Yes, even cheap sushi. This was had for about $10 at a department store market. More on that later. On Tuesday I arrived in Tokyo and I visited Chuo University on Wednesday. This is not a great picture but I did manage to snap a skyline view of Tokyo from one of the tall buildings at Chuo. It certainly does not capture the immenseness of Tokyo.
The interesting thing about Japan is that many of the private railway companies are owned and operated by huge department stores. These are unlike anything in America. Many major train stations in Tokyo (and all over Japan) are a maze of department stores, shops and train entrances. Once you figure that out getting around is not too difficult. Every major department store has a floor for each type of goods they are selling. Generally the bottom one or two floors are dedicated to food, both prepared and fresh produce. There are cases filled with delectable sweet treats and gyoza stands. It is like a huge market with super attentive staff at every station. The sushi you see above was my dinner on Tuesday. Yes, $10 from the Tobu department store at the Ikebukuro station.
Here is one case filled with fried meats of all kinds. Oh, I wish I had better pictures. I will try to get some better ones when I get to Osaka.
Here are a couple of pictures just outside the Shinjuku train station.
And in Ikebukuro I was tempted by the Colonel.

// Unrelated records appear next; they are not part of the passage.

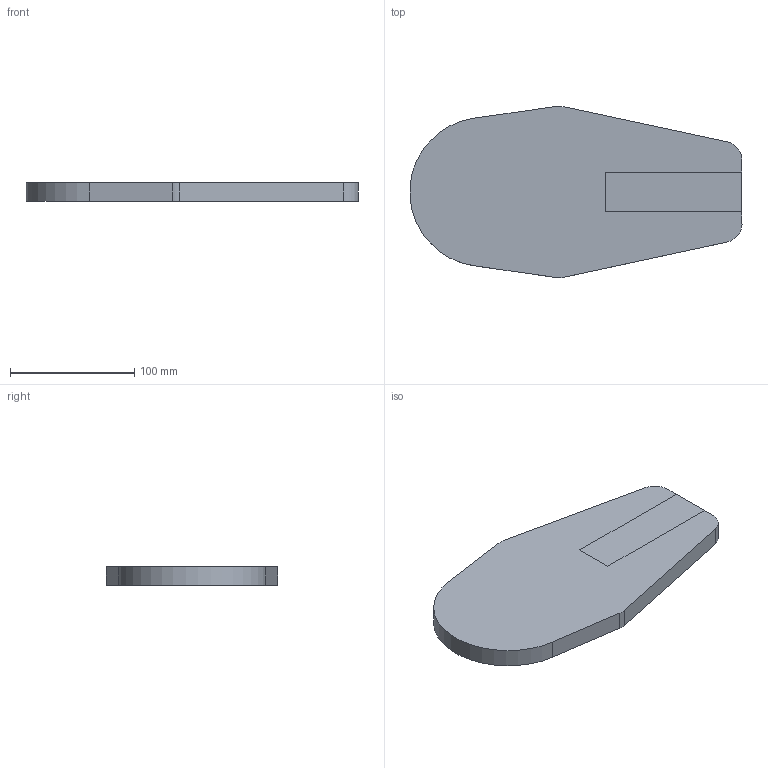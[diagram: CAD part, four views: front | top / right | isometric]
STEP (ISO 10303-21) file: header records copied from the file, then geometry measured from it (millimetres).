
FILE_DESCRIPTION(('Bauteilbeschreibung','HiCAD-Model','HiCAD-STEP-TRANSLATION','Bauteilbeschreibung'),'2;1');
FILE_NAME('TEIL 42.STP','2012-03-28T18:43:00+00:00',('Konstrukteur'),('Konstrukteur Firma GmbH'),' HiCAD 2011, Step 1600.0 ','HiCAD 2011','confidential');
FILE_SCHEMA(('AUTOMOTIVE_DESIGN { 1 2 10303 214 0 1 1 1 }'));
Length unit declared in the file: millimetre
Products named in the file (2): TEIL 42; TRANSLATIONSTEIL_1
Assembly tree (1 placements, depth 2):
  TEIL 42
    TRANSLATIONSTEIL_1
Bounding box: 267.54 x 138.26 x 15 mm (x, y, z)
Surface area: 91948.6 mm2
Topology: 1 solids, 1 shells, 44 faces, 126 edges, 28 vertices
Faces by surface type: plane 29, cylinder 15
Entity records: 2005 total; most frequent: ORIENTED_EDGE 252, DIRECTION 248, CARTESIAN_POINT 200, COLOUR_RGB 127, PRESENTATION_STYLE_ASSIGNMENT 127, CURVE_STYLE 126, DRAUGHTING_PRE_DEFINED_CURVE_FONT 126, EDGE_CURVE 126

Instead, for lunch, I treated myself to another local cheap favorite. This is a small fast food shop that has a variety of rice bowls topped with grilled meats. It is an interesting process. You must first buy a meal ticket from the vending machine near the entrance. You can choose a variety of things from their limited menu and you choose by pressing the button for anything within the price range of what you've put into the machine. You sit at a counter, there is only one thin counter at this place, and hand your meal ticket to the server in front of you. Within a minute or two a hot steaming bowl of meat covered rice and a small bowl of miso soup appears. You eat quickly and leave. For less than $4 you can be satisfied. Quick, easy and you don't even need to hassle with trying to order off a menu written in Japanes. Many of these places have a picture of the food next to the buttons on the vending machines.